Bisher gingen Spenden auf einem Konto des Kirchenkreises ein, der die Gelder an das Kindermissionswerk weitergeleitet hat. Vorerst werden nun alle neuen Spendeneingänge auf dem Konto des Kirchenkreises gesondert festgehalten.

Die Gründer des Projekts, das Wiehler Ehepaar Monika und Michael Höhn, Pfarrer i.R., haben Gespräche mit einem möglichen neuen Träger aufgenommen.

Das Kindermissionswerk hat bisher die eingegangenen Spenden um 15 Prozent aufgestockt und den Gesamtbetrag nach Ometepe überwiesen. Im Vorfeld der geplanten Übernahme hat das Kindermissionswerk in den Jahren 2017, 2018 und 2019 Verfahren zur Qualitätssicherung nach internationalen Standards durchgeführt.

Kirchenkreis finanziert neues Audit auf der Insel
Das letzte Audit für das Jahr 2019 wurde wegen der Pandemie nicht vor Ort, sondern nur aus der Ferne durchgeführt. Es erfüllte, zur Überraschung des Ometepe Fachausschusses, nicht die Erwartungen. Wegen Mängel in der Kommunikation und der Buchhaltung erteilten die Auditoren der Partnerorganisation kein Testat.

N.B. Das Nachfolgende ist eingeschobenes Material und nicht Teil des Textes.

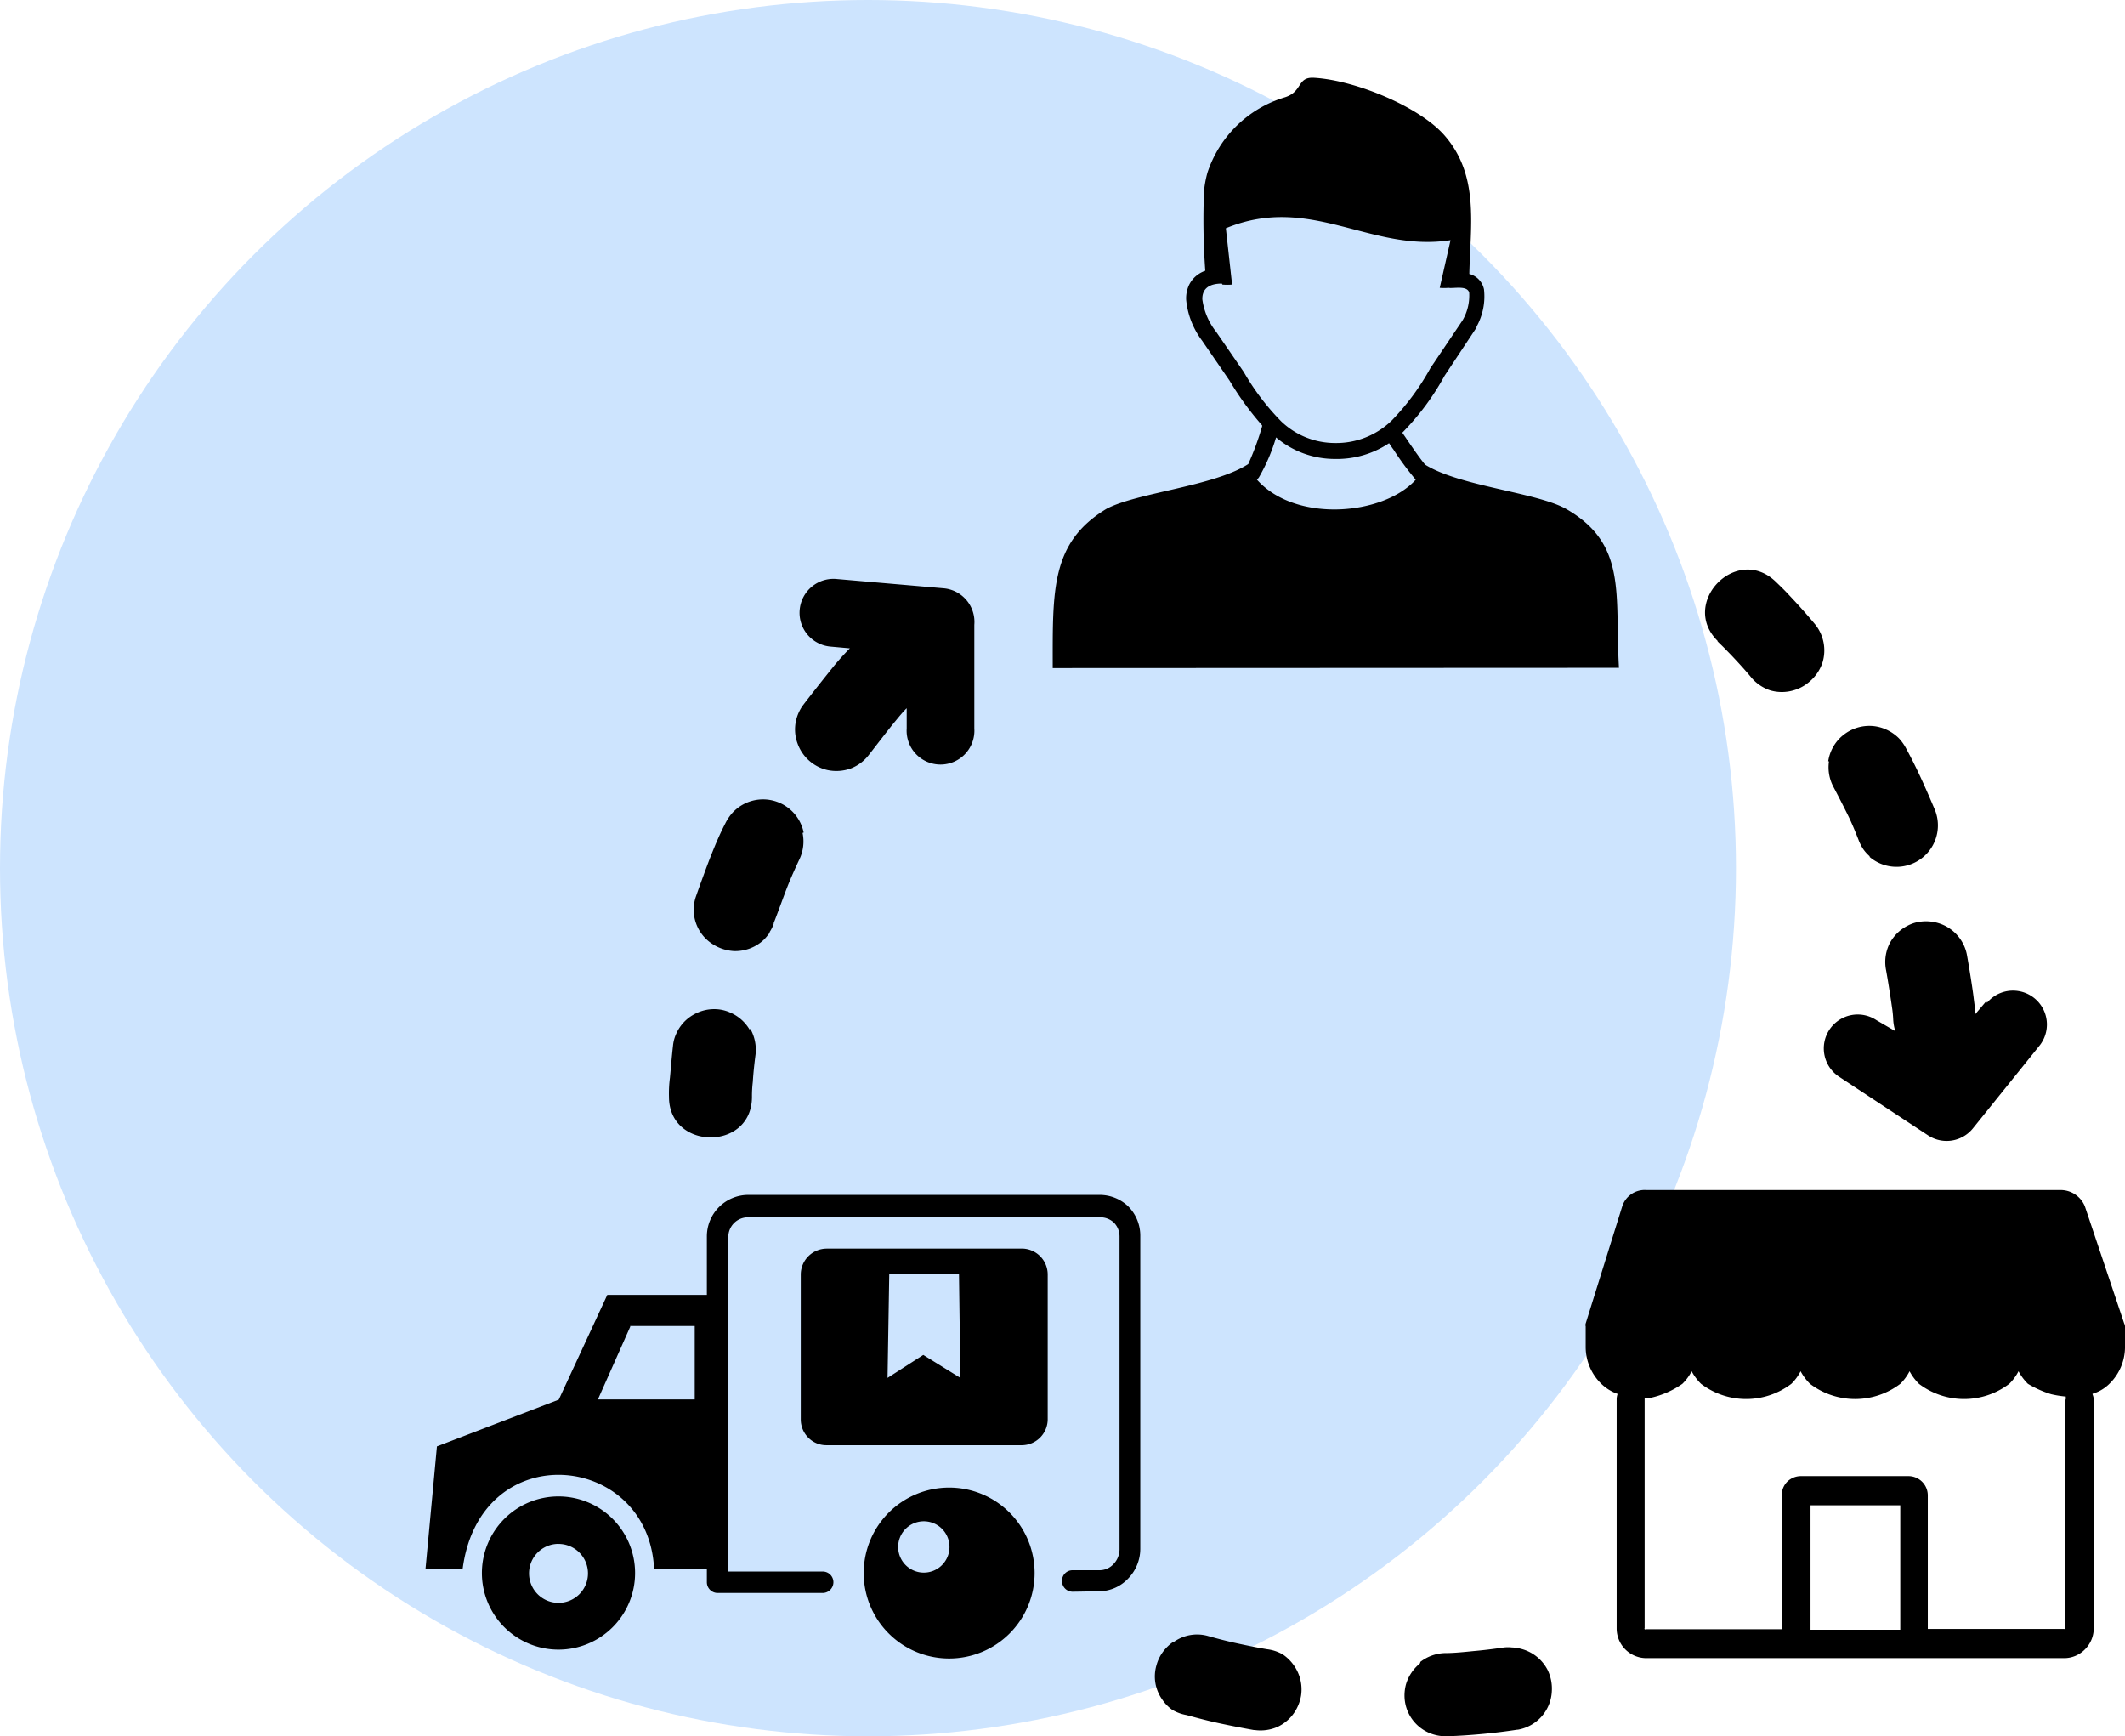 <svg xmlns="http://www.w3.org/2000/svg" width="124.856" height="102.001" viewBox="0 0 124.856 102.001">
  <g id="Group_9202" data-name="Group 9202" transform="translate(-39 -34)">
    <circle id="Ellipse_1624" data-name="Ellipse 1624" cx="51" cy="51" r="51" transform="translate(39 34)" fill="#cde4fe"/>
    <path id="dropshipping_1_" data-name="dropshipping (1)" d="M7.816,83.338a4.5,4.5,0,1,1-4.5,4.5,4.5,4.5,0,0,1,4.5-4.5ZM96.379,77.65a1.22,1.22,0,0,1,0-.179,5.949,5.949,0,0,1-.861-.138,6.118,6.118,0,0,1-1.365-.609,3.08,3.08,0,0,1-.552-.739,2.852,2.852,0,0,1-.544.739,4.388,4.388,0,0,1-5.306,0,3.08,3.08,0,0,1-.552-.739,2.852,2.852,0,0,1-.544.739,4.387,4.387,0,0,1-5.306,0,3.079,3.079,0,0,1-.552-.739,2.852,2.852,0,0,1-.544.739,4.388,4.388,0,0,1-5.306,0,3.079,3.079,0,0,1-.552-.739,2.852,2.852,0,0,1-.544.739,5.192,5.192,0,0,1-1.828.813h-.39V91.073a.049.049,0,0,0,.073.065H79.69V83.281a1.121,1.121,0,0,1,.325-.812,1.154,1.154,0,0,1,.813-.325h6.321a1.137,1.137,0,0,1,1.121,1.121v7.857h7.987a.1.1,0,0,0,.065,0,.073.073,0,0,0,0-.065V77.626ZM43.973,91.885A2.356,2.356,0,0,1,46,91.544c.577.162,1.146.309,1.714.431s1.146.244,1.739.341a2.438,2.438,0,0,1,.926.309,2.551,2.551,0,0,1,.886,1.064,2.438,2.438,0,0,1,.179,1.365,2.551,2.551,0,0,1-.374.951,2.437,2.437,0,0,1-1.016.878h0a2.5,2.5,0,0,1-1.341.179h-.049c-.65-.114-1.308-.244-1.991-.39s-1.3-.309-1.95-.488h0a2.494,2.494,0,0,1-.845-.309,2.292,2.292,0,0,1-.585-.6,2.332,2.332,0,0,1-.341-2.023,2.373,2.373,0,0,1,.366-.764,2.519,2.519,0,0,1,.609-.6Zm14.487,1.17a2.486,2.486,0,0,1,1.4-.512c.585,0,1.17-.065,1.747-.122h0c.569-.049,1.154-.122,1.763-.211a2.219,2.219,0,0,1,.463,0,2.275,2.275,0,0,1,.471.065h0a2.437,2.437,0,0,1,1.625,1.251,2.5,2.5,0,0,1,.252,1.235,2.405,2.405,0,0,1-2,2.283h-.041q-.951.146-1.974.244c-.691.065-1.381.114-2.072.138a2.5,2.5,0,0,1-.813-.089,2.386,2.386,0,0,1-1.755-2.21,2.511,2.511,0,0,1,.089-.764h0a2.494,2.494,0,0,1,.813-1.211h0ZM81.38,91.17h5.273V83.858H81.38ZM97.955,77.358a.813.813,0,0,1,.065.317V91.1a1.747,1.747,0,0,1-.52,1.227,1.706,1.706,0,0,1-1.219.512H71.728A1.747,1.747,0,0,1,69.989,91.1V77.626a.951.951,0,0,1,.057-.309,2.641,2.641,0,0,1-.983-.617,3.022,3.022,0,0,1-.894-2.153V73.352h0a.333.333,0,0,1,0-.171l2.145-6.874a1.389,1.389,0,0,1,1.438-.967H96.03A1.536,1.536,0,0,1,97.5,66.3l2.308,6.874a.536.536,0,0,1,.049.162h0v1.211a3.022,3.022,0,0,1-.894,2.153,2.348,2.348,0,0,1-1.016.609Zm-69.7-40.308c-.268.284-.349.382-.65.748h0c-.374.447-1.178,1.5-1.544,1.966a2.437,2.437,0,0,1-1.081.813h0a2.494,2.494,0,0,1-1.365.089h0a2.438,2.438,0,0,1-1.747-1.544,2.373,2.373,0,0,1-.089-1.389,2.438,2.438,0,0,1,.4-.869h0c.406-.536,1.268-1.625,1.7-2.161a14.8,14.8,0,0,1,1-1.129h0l.057-.057-1.105-.1a1.994,1.994,0,1,1,.341-3.973l6.264.544a1.983,1.983,0,0,1,1.812,2.145v6.086a1.991,1.991,0,1,1-3.973,0v-1.17Zm8.6-2.373c0-4.55-.122-7.369,3.153-9.352,1.771-.951,6.313-1.324,8.336-2.633a16.51,16.51,0,0,0,.812-2.21v-.065a17.477,17.477,0,0,1-1.909-2.624l-1.625-2.364a4.737,4.737,0,0,1-.926-2.381,1.852,1.852,0,0,1,.162-.861,1.625,1.625,0,0,1,.561-.65,1.674,1.674,0,0,1,.4-.2,41.055,41.055,0,0,1-.073-4.7,6.288,6.288,0,0,1,.2-1.064A6.874,6.874,0,0,1,50.5,1.145c1.056-.333.691-1.2,1.7-1.146,2.438.138,6.232,1.714,7.686,3.4,2.039,2.348,1.511,5.241,1.446,8.125h0a1.178,1.178,0,0,1,.861.9,3.656,3.656,0,0,1-.439,2.2h0a.171.171,0,0,1,0,.049L59.881,17.5a15.129,15.129,0,0,1-2.438,3.3l-.049.049c.089.13.195.276.3.439.325.471.691,1.016,1.04,1.438,2.031,1.268,6.5,1.625,8.255,2.584,3.648,2.072,2.884,5.029,3.136,9.352ZM48.856,23.611Zm0,0c2.275,2.551,7.426,2.1,9.328,0a17.241,17.241,0,0,1-1.308-1.771c-.1-.13-.179-.26-.26-.374a5.517,5.517,0,0,1-3.169.926,5.33,5.33,0,0,1-3.469-1.267,10.733,10.733,0,0,1-1.007,2.348.382.382,0,0,1-.114.114ZM46.792,12.089c-.634,0-1.162.219-1.146.926a3.908,3.908,0,0,0,.813,1.909h0l1.625,2.364a14.2,14.2,0,0,0,2.2,2.9,4.574,4.574,0,0,0,3.152,1.267,4.672,4.672,0,0,0,3.339-1.324,14.284,14.284,0,0,0,2.267-3.071l1.893-2.811a2.9,2.9,0,0,0,.39-1.625c-.114-.447-.934-.228-1.219-.284a2.754,2.754,0,0,1-.512,0l.634-2.8c-4.7.739-8.223-2.754-13.2-.7l.366,3.307a3.25,3.25,0,0,1-.569,0Zm44.956,42.25a1.992,1.992,0,0,1,3.112,2.486L90.935,61.7a1.983,1.983,0,0,1-2.657.423l-5.216-3.437a1.991,1.991,0,1,1,2.194-3.323l1.105.642a2.77,2.77,0,0,1-.122-.666,6.325,6.325,0,0,0-.073-.739c-.073-.528-.252-1.674-.358-2.234a2.438,2.438,0,0,1,.219-1.511h0a2.437,2.437,0,0,1,1.064-1.048,2.161,2.161,0,0,1,.691-.227h0a2.511,2.511,0,0,1,1.487.227,2.438,2.438,0,0,1,1.081,1.073,2.38,2.38,0,0,1,.228.691h0c.122.682.317,1.893.382,2.438s.049.309.106.991h0l.642-.756ZM75.9,33.093c.431.414.4.39.813.813h0c.406.431.813.869,1.186,1.324a2.486,2.486,0,0,0,1.113.756h0a2.438,2.438,0,0,0,1.365,0h0a2.438,2.438,0,0,0,.894-.471,2.511,2.511,0,0,0,.812-1.162,2.437,2.437,0,0,0-.431-2.242h0c-.431-.52-.878-1.024-1.341-1.519s-.479-.512-.967-.983h0c-2.316-2.243-5.688,1.268-3.4,3.494Zm6.565,7.061a2.438,2.438,0,0,0,.26,1.5c.276.52.544,1.048.812,1.584s.479,1.056.7,1.625h0a2.738,2.738,0,0,0,.26.479h0a2.283,2.283,0,0,0,.357.39v.041A2.434,2.434,0,0,0,88.685,43c-.268-.634-.536-1.251-.813-1.853s-.569-1.186-.886-1.771h0a2.747,2.747,0,0,0-.414-.577,2.511,2.511,0,0,0-1.373-.7,2.438,2.438,0,0,0-1.511.26,2.559,2.559,0,0,0-.577.423,2.437,2.437,0,0,0-.691,1.373ZM19.086,55.867a2.511,2.511,0,0,1,.309,1.5c-.073.561-.13,1.089-.163,1.625a7.224,7.224,0,0,0-.049.878c0,3.193-4.875,3.153-4.875,0h0a6.993,6.993,0,0,1,.057-1.129c.057-.6.1-1.186.179-1.877h0a2.161,2.161,0,0,1,.187-.7,2.389,2.389,0,0,1,1.024-1.129,2.438,2.438,0,0,1,1.471-.309h0a2.3,2.3,0,0,1,.707.2,2.438,2.438,0,0,1,1.113.991h0Zm3.071-11.505a2.438,2.438,0,0,1-.171,1.519c-.252.536-.5,1.081-.715,1.625s-.6,1.625-.812,2.153V49.7a2.023,2.023,0,0,1-.236.479v.041a3.16,3.16,0,0,1-.333.406h0a2.437,2.437,0,0,1-1.779.674,2.559,2.559,0,0,1-1.235-.406,2.389,2.389,0,0,1-.975-2.828c.228-.65.65-1.812.9-2.437s.5-1.219.813-1.82h0a2.779,2.779,0,0,1,.39-.593,2.438,2.438,0,0,1,4.217,1.121Zm1.406,24.416H35a1.527,1.527,0,0,1,1.56,1.519v8.515a1.528,1.528,0,0,1-1.519,1.519H23.563a1.487,1.487,0,0,1-1.073-.447,1.519,1.519,0,0,1-.439-1.072V70.3a1.527,1.527,0,0,1,1.511-1.519Zm3.673,1.471h4.111l.081,6.126L29.25,75.026l-2.1,1.349.1-6.094Zm3.534,12.569a5.021,5.021,0,1,1-5.021,5.021A5.021,5.021,0,0,1,30.769,82.818Zm0,3.25a1.508,1.508,0,1,0,.008.057Zm7.256,2.868A.626.626,0,0,1,37.4,88.3a.617.617,0,0,1,.626-.626h1.584a1.121,1.121,0,0,0,.813-.357,1.259,1.259,0,0,0,.357-.869V68.063a1.154,1.154,0,0,0-.333-.813h0a1.162,1.162,0,0,0-.813-.309H18.948A1.154,1.154,0,0,0,17.794,68.1V87.75h5.549a.626.626,0,0,1,.626.626.634.634,0,0,1-.626.634H17.168a.634.634,0,0,1-.634-.634V87.62h-3.1c-.309-6.914-10.238-7.873-11.253,0H0L.674,80.4l7.158-2.746L10.684,71.5h5.85V68.063a2.438,2.438,0,0,1,2.438-2.438H39.618a2.437,2.437,0,0,1,1.666.666h0A2.438,2.438,0,0,1,42,68V86.425a2.511,2.511,0,0,1-.715,1.739,2.373,2.373,0,0,1-1.706.747Zm-26-15.608h3.794v4.314H10.132l1.9-4.274Zm-4.209,12.8a1.731,1.731,0,1,1-1.731,1.731A1.731,1.731,0,0,1,7.816,86.125Z" transform="translate(64 38.57)" fill-rule="evenodd"/>
  </g>
</svg>

Der Ometepe-Fachausschuss des Kirchenkreises hat nun ein neues Audit in Auftrag gegeben, das auf Ometepe durchgeführt wird.

Das von den Eheleuten Höhn initiierte und geleitete Ometepe-Projekt hat in fast 28 Jahren auf der nicaraguanischen Insel bedeutende Fortschritte im Bereich Bildung und Gesundheit vorangetrieben. Dazu gehören der Bau einer Schule, einer Klinik mit projekteigener Apotheke, eines Behinderten-Zentrums und der Bau von nahezu 200 Häusern mit den notwendigen Latrinen. Außerdem gibt es Studienunterstützungen und Einzelfallhilfen für Bedürftige.